• **EXERCISE BRIEF**: The answer must be a word-for-word copy of the records below, with every picture left out.

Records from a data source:
______

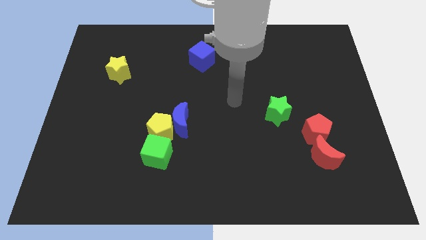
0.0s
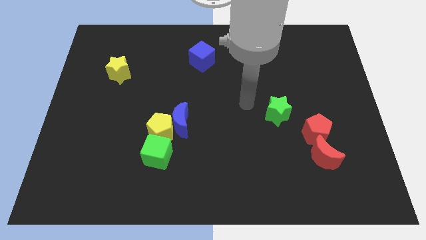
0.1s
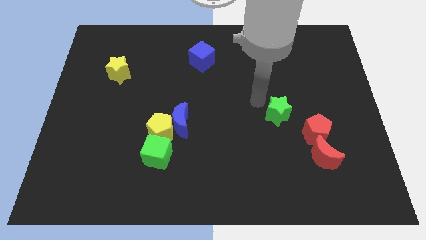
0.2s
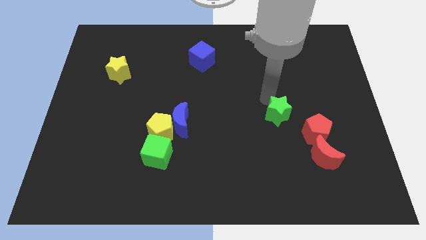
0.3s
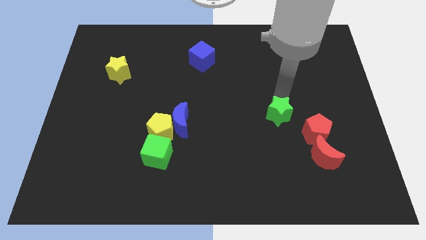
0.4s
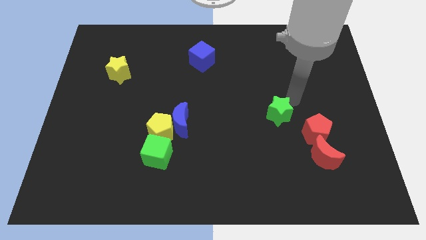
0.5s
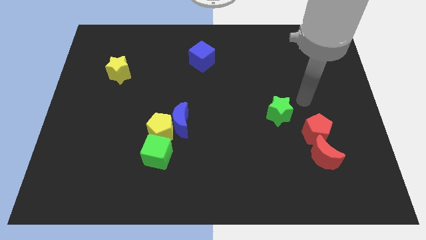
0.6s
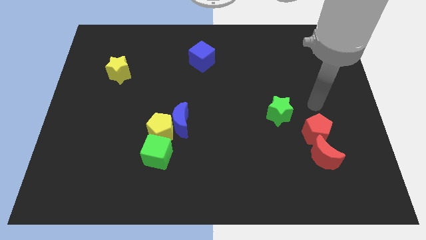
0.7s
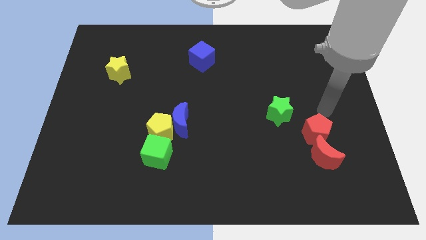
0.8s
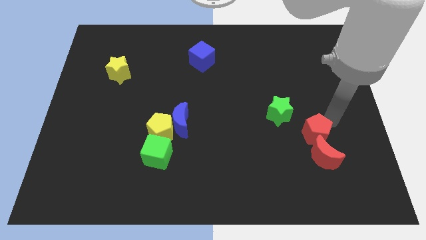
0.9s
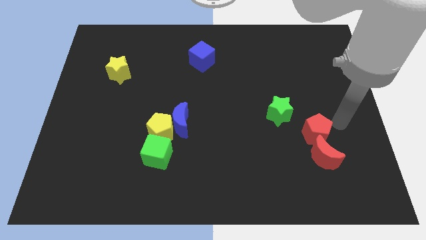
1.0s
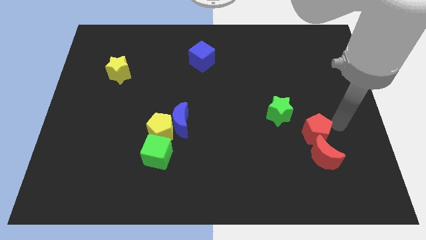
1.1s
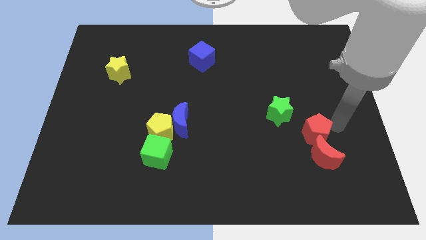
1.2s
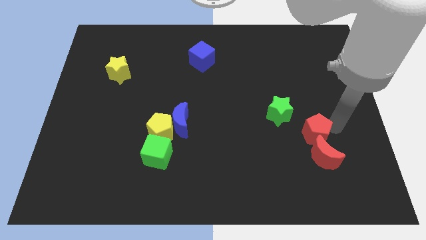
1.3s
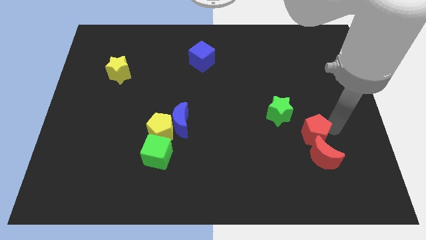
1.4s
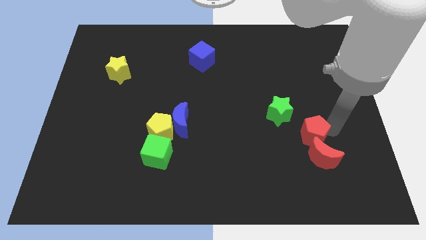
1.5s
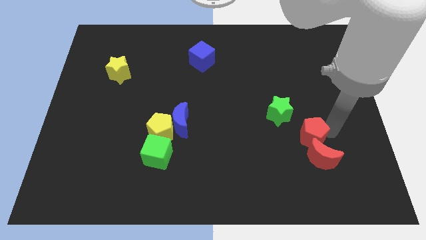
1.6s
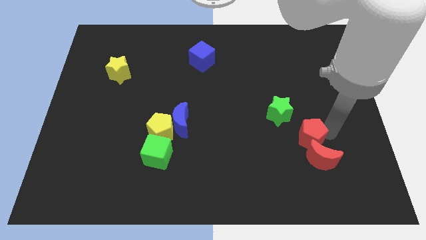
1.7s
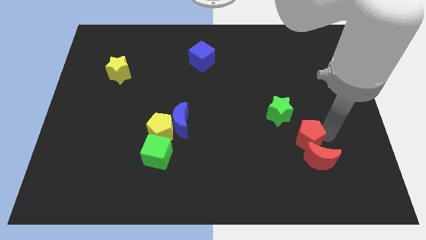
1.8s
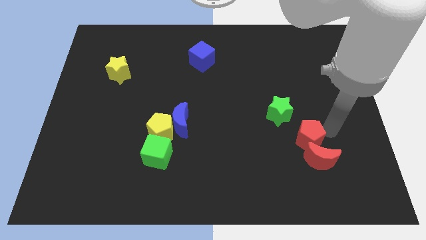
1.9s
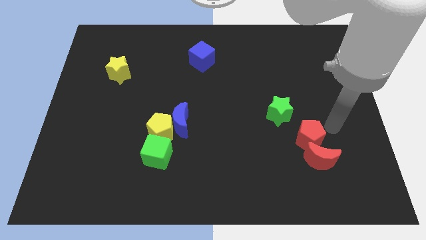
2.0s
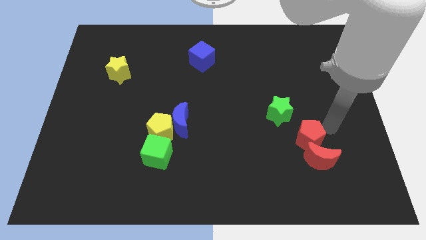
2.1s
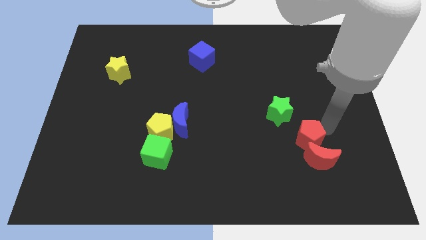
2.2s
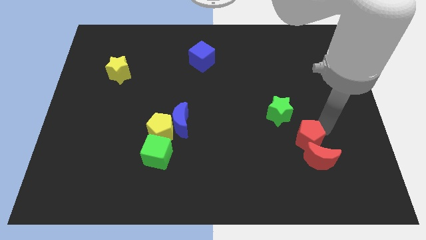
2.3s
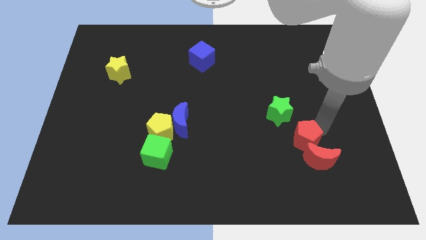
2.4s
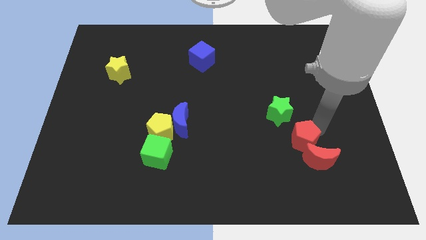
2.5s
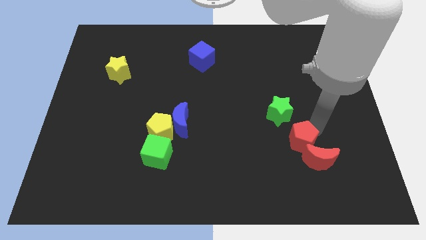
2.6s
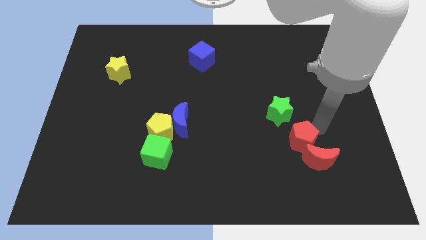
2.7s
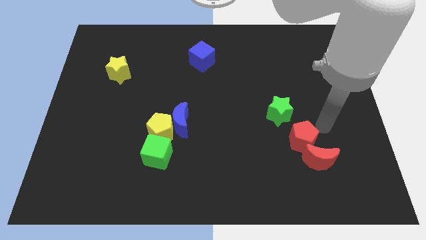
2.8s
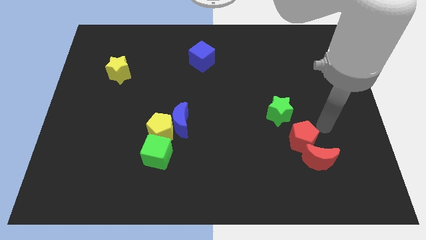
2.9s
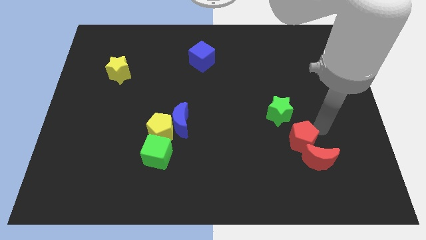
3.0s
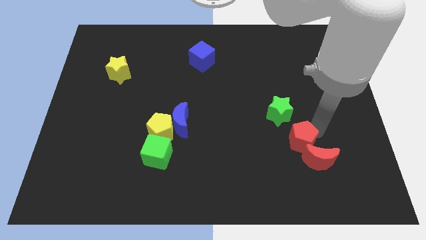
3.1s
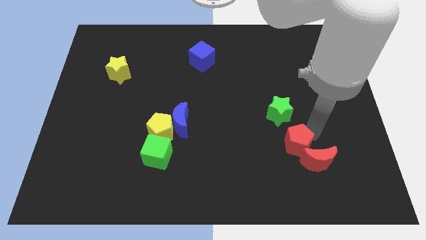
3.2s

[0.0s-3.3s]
move the red pentagon to the left side of the red moon

______

• **YOUR RESPONSE**:
0.0s
0.1s
0.2s
0.3s
0.4s
0.5s
0.6s
0.7s
0.8s
0.9s
1.0s
1.1s
1.2s
1.3s
1.4s
1.5s
1.6s
1.7s
1.8s
1.9s
2.0s
2.1s
2.2s
2.3s
2.4s
2.5s
2.6s
2.7s
2.8s
2.9s
3.0s
3.1s
3.2s

[0.0s-3.3s]
move the red pentagon to the left side of the red moon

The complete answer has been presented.